■ **WHAT NEEDS TO BE DONE**: All of the entries should be restated word for word, but without their pictures.

■ **PROVIDED DATA**:
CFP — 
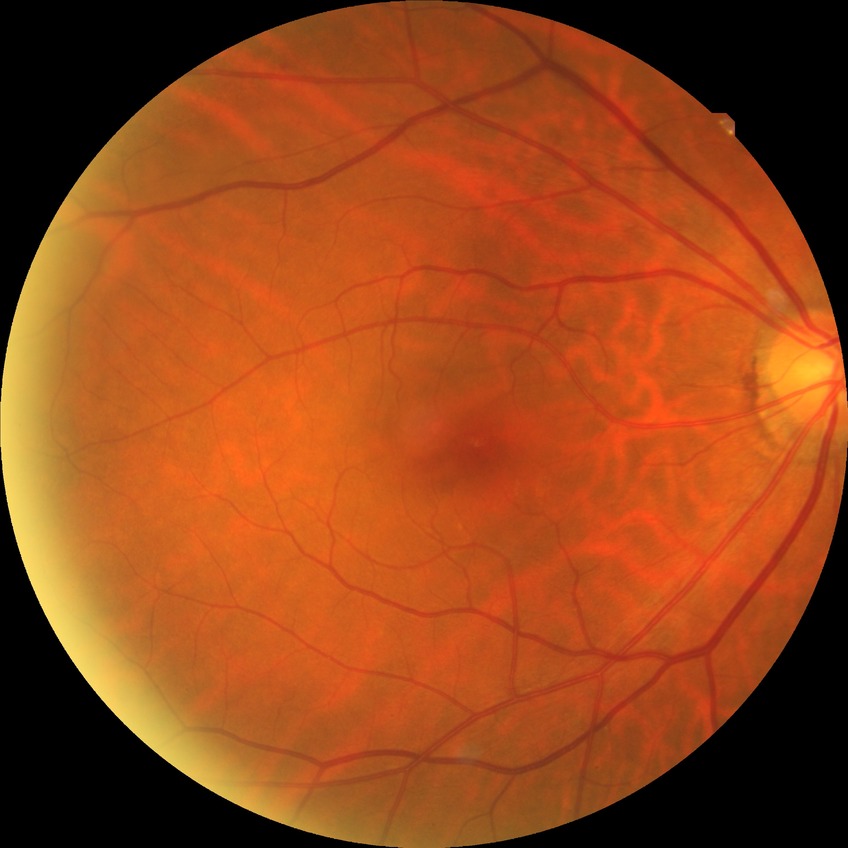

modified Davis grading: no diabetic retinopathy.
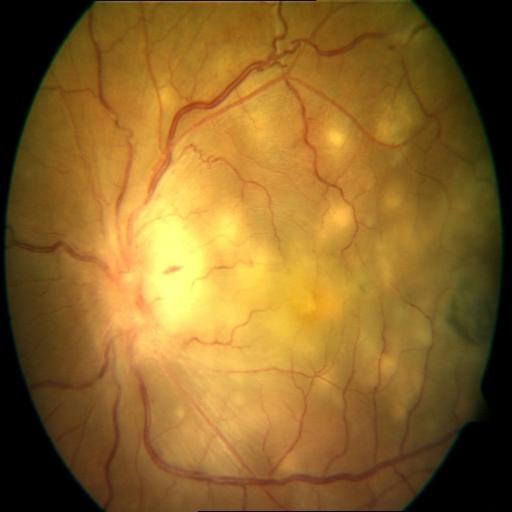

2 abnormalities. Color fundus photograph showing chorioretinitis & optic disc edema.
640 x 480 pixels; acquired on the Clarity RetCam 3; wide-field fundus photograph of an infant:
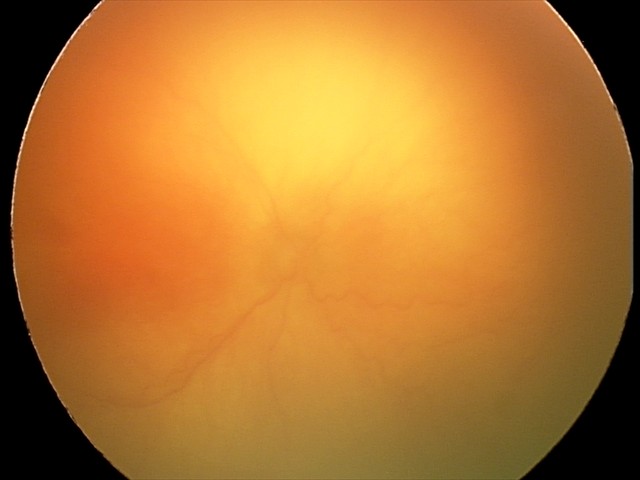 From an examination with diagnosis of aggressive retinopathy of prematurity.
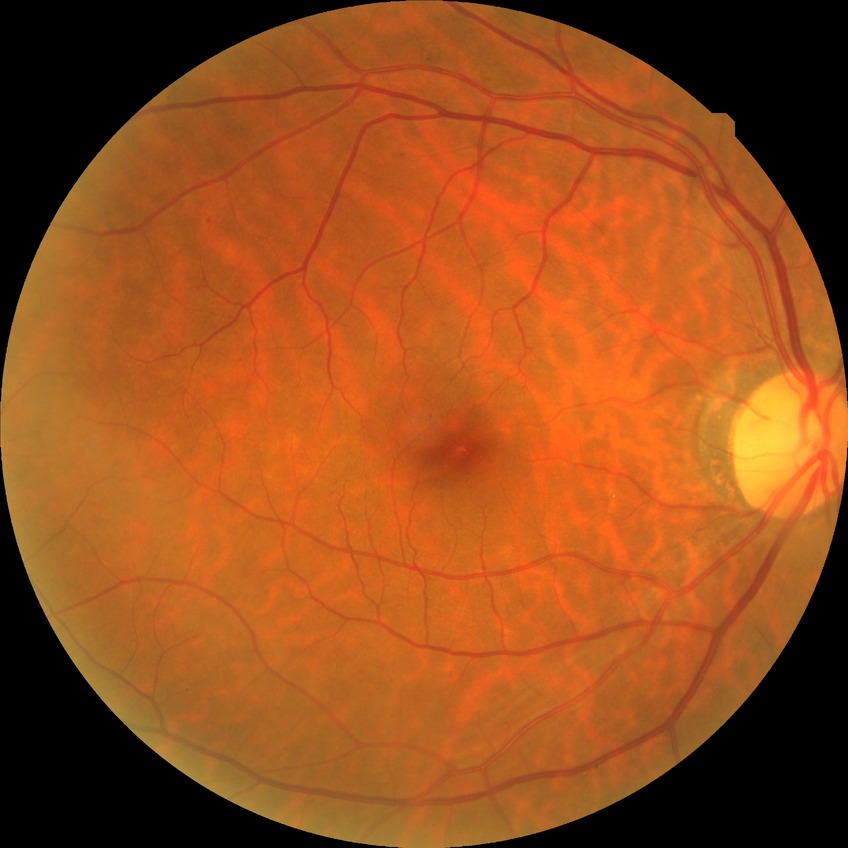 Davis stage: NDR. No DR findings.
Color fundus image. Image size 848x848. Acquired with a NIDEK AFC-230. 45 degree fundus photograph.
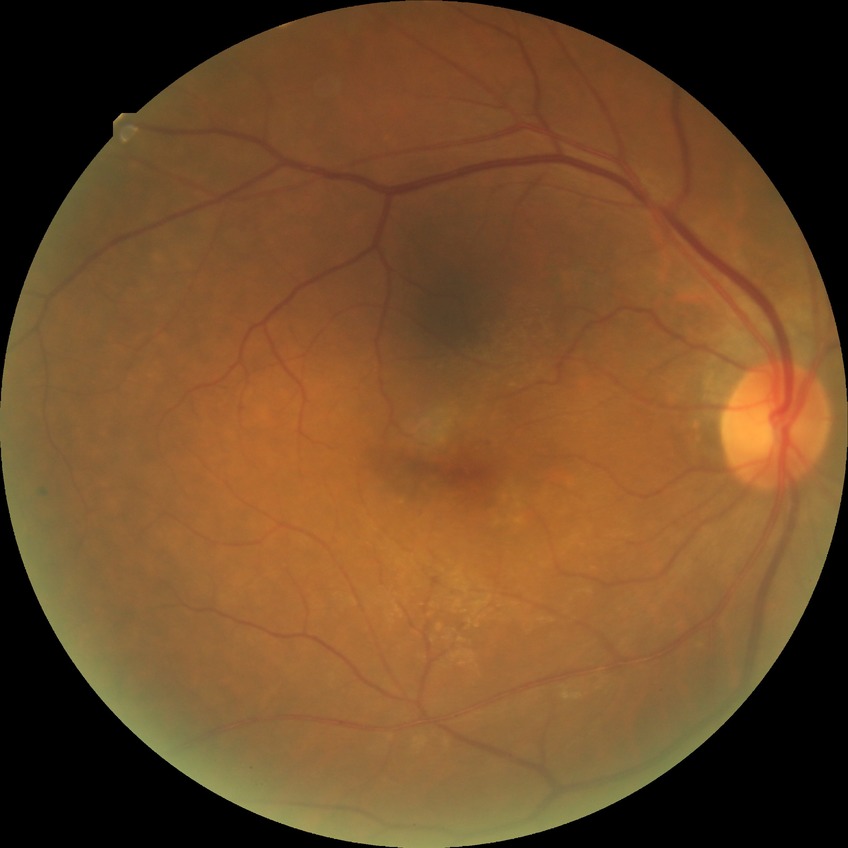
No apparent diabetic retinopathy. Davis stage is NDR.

■ **EXERCISE SOLUTION**:
CFP — 

modified Davis grading: no diabetic retinopathy.

2 abnormalities. Color fundus photograph showing chorioretinitis & optic disc edema.
640 x 480 pixels; acquired on the Clarity RetCam 3; wide-field fundus photograph of an infant:
 From an examination with diagnosis of aggressive retinopathy of prematurity.
 Davis stage: NDR. No DR findings.
Color fundus image. Image size 848x848. Acquired with a NIDEK AFC-230. 45 degree fundus photograph.
No apparent diabetic retinopathy. Davis stage is NDR.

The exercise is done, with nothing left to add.